Assignment: An exact retyping of all lines below is the answer; pictures do not belong in it.

Source records:
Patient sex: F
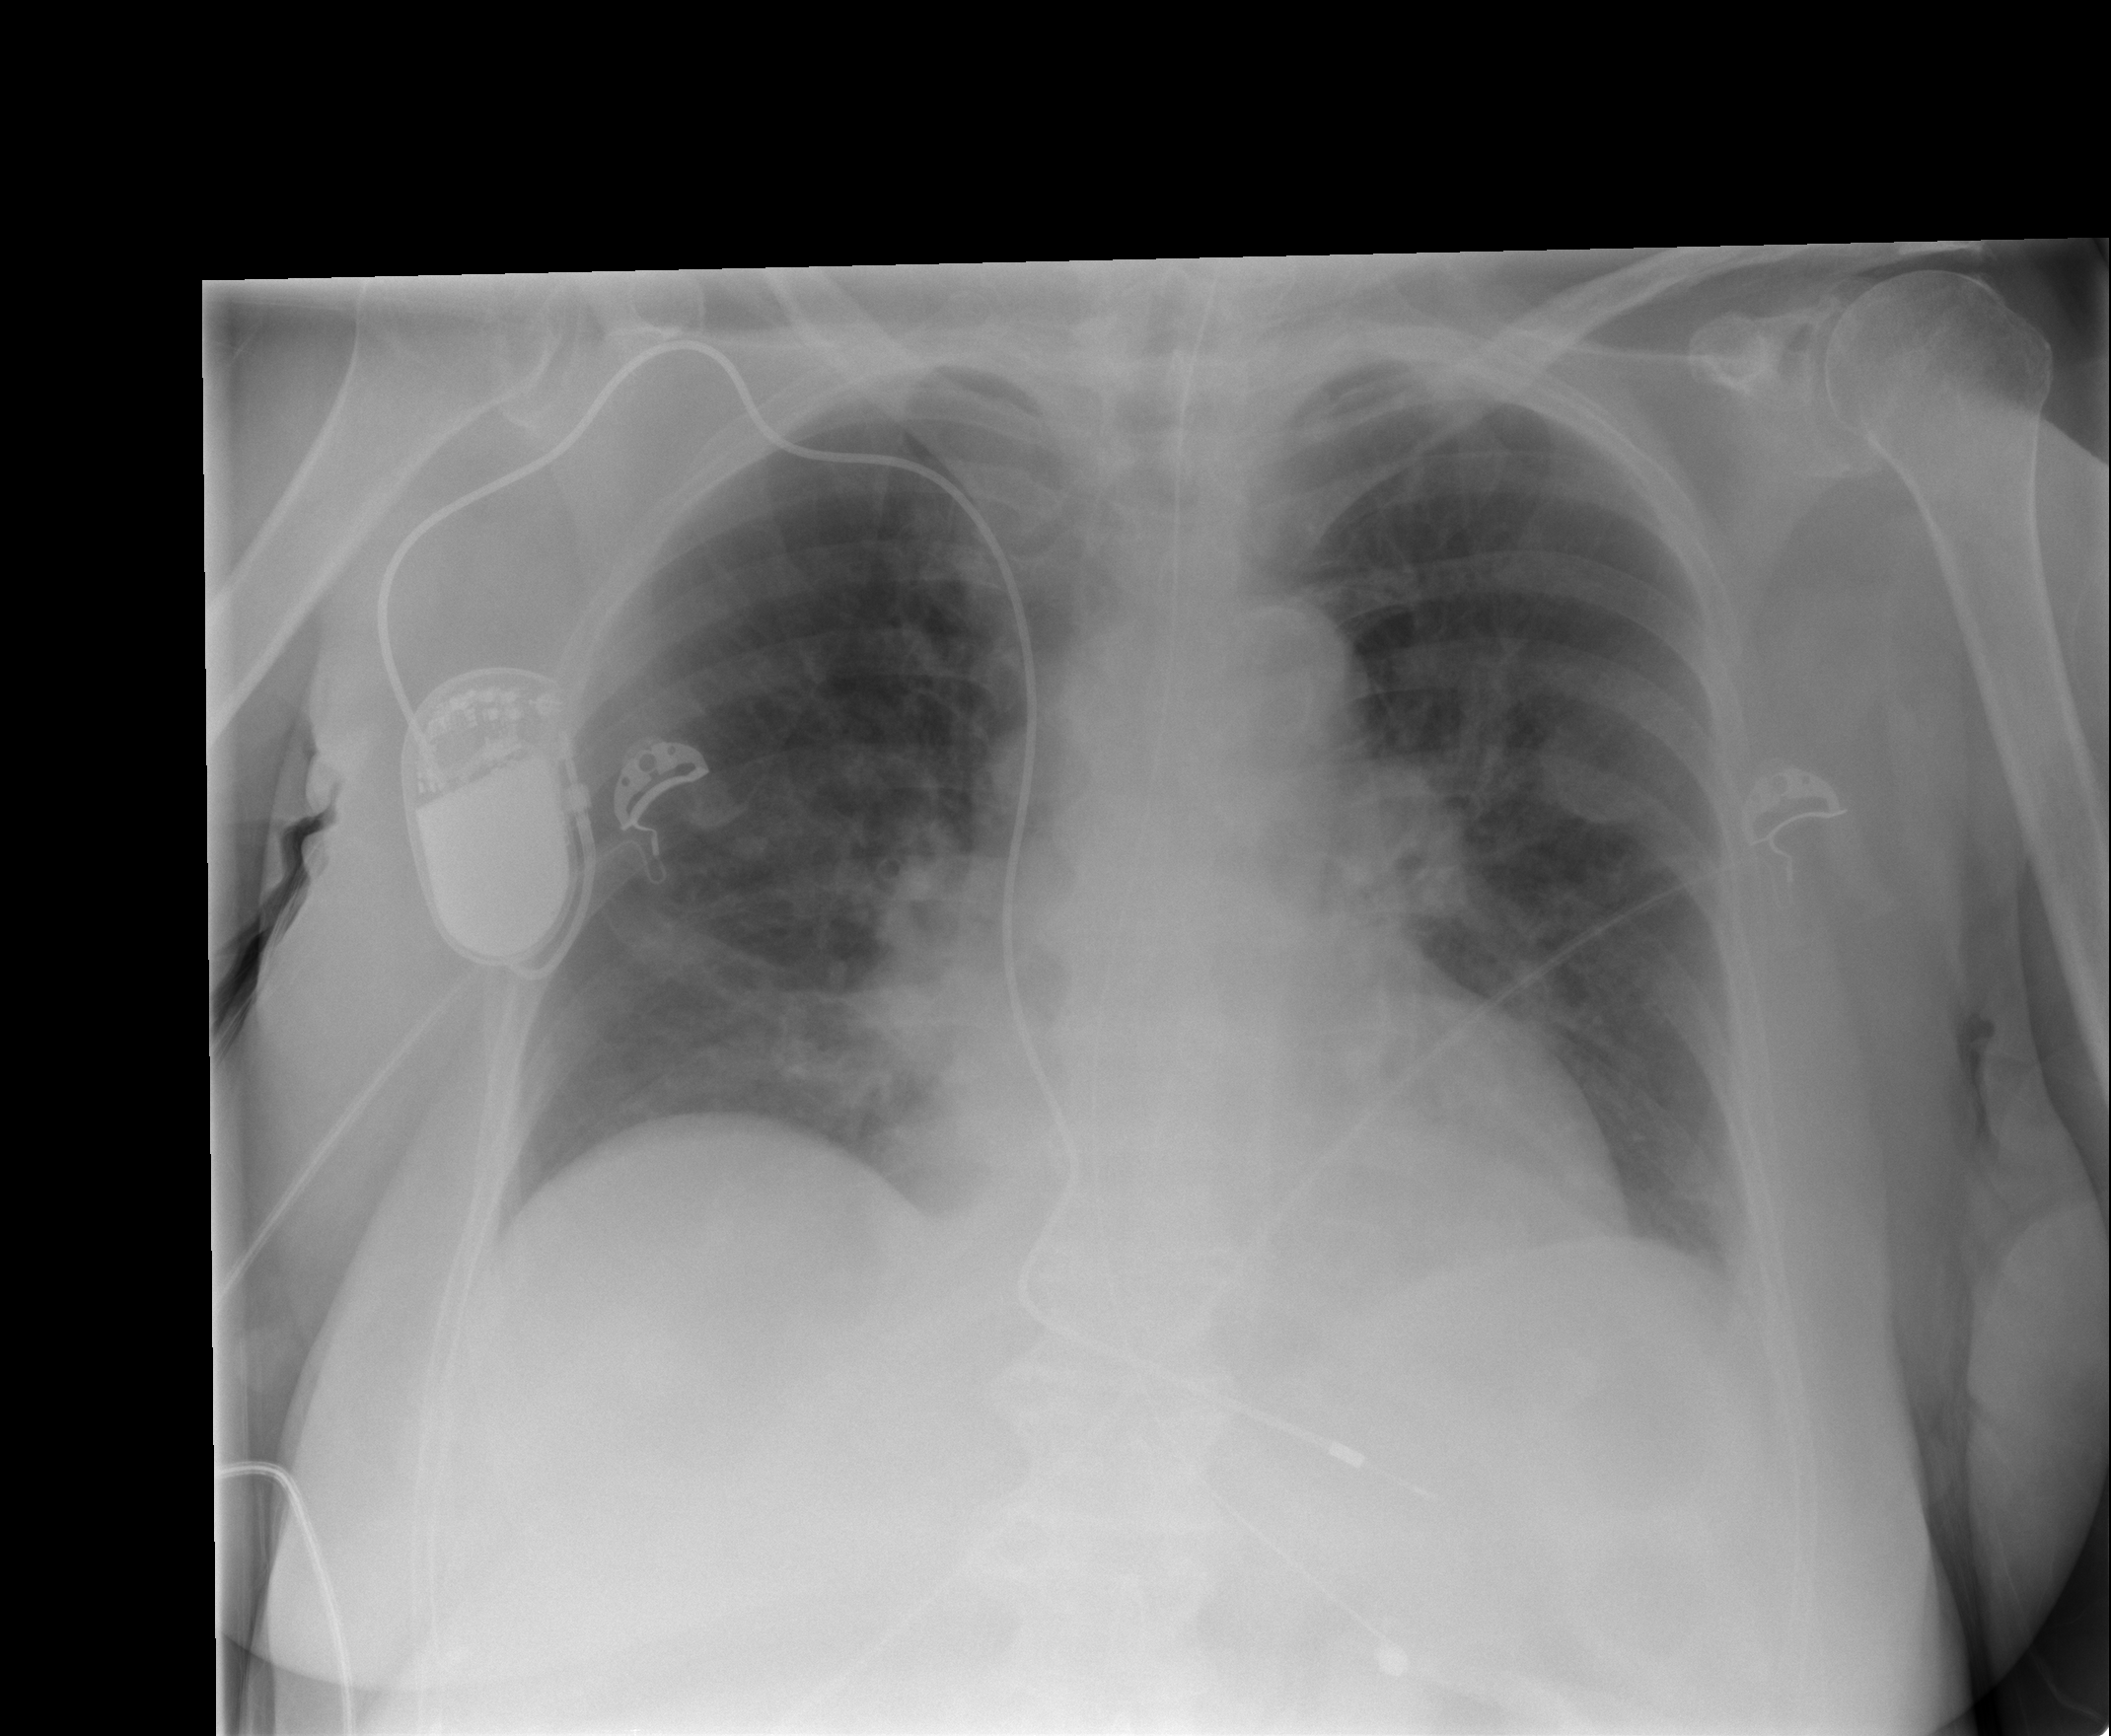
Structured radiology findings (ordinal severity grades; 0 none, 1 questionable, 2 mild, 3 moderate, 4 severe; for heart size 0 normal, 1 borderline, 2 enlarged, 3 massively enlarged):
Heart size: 1
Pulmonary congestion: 2
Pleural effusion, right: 0
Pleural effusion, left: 0
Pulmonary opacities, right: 1
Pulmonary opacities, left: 0
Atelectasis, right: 0
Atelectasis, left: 0

Worked solution:
Patient sex: F
Structured radiology findings (ordinal severity grades; 0 none, 1 questionable, 2 mild, 3 moderate, 4 severe; for heart size 0 normal, 1 borderline, 2 enlarged, 3 massively enlarged):
Heart size: 1
Pulmonary congestion: 2
Pleural effusion, right: 0
Pleural effusion, left: 0
Pulmonary opacities, right: 1
Pulmonary opacities, left: 0
Atelectasis, right: 0
Atelectasis, left: 0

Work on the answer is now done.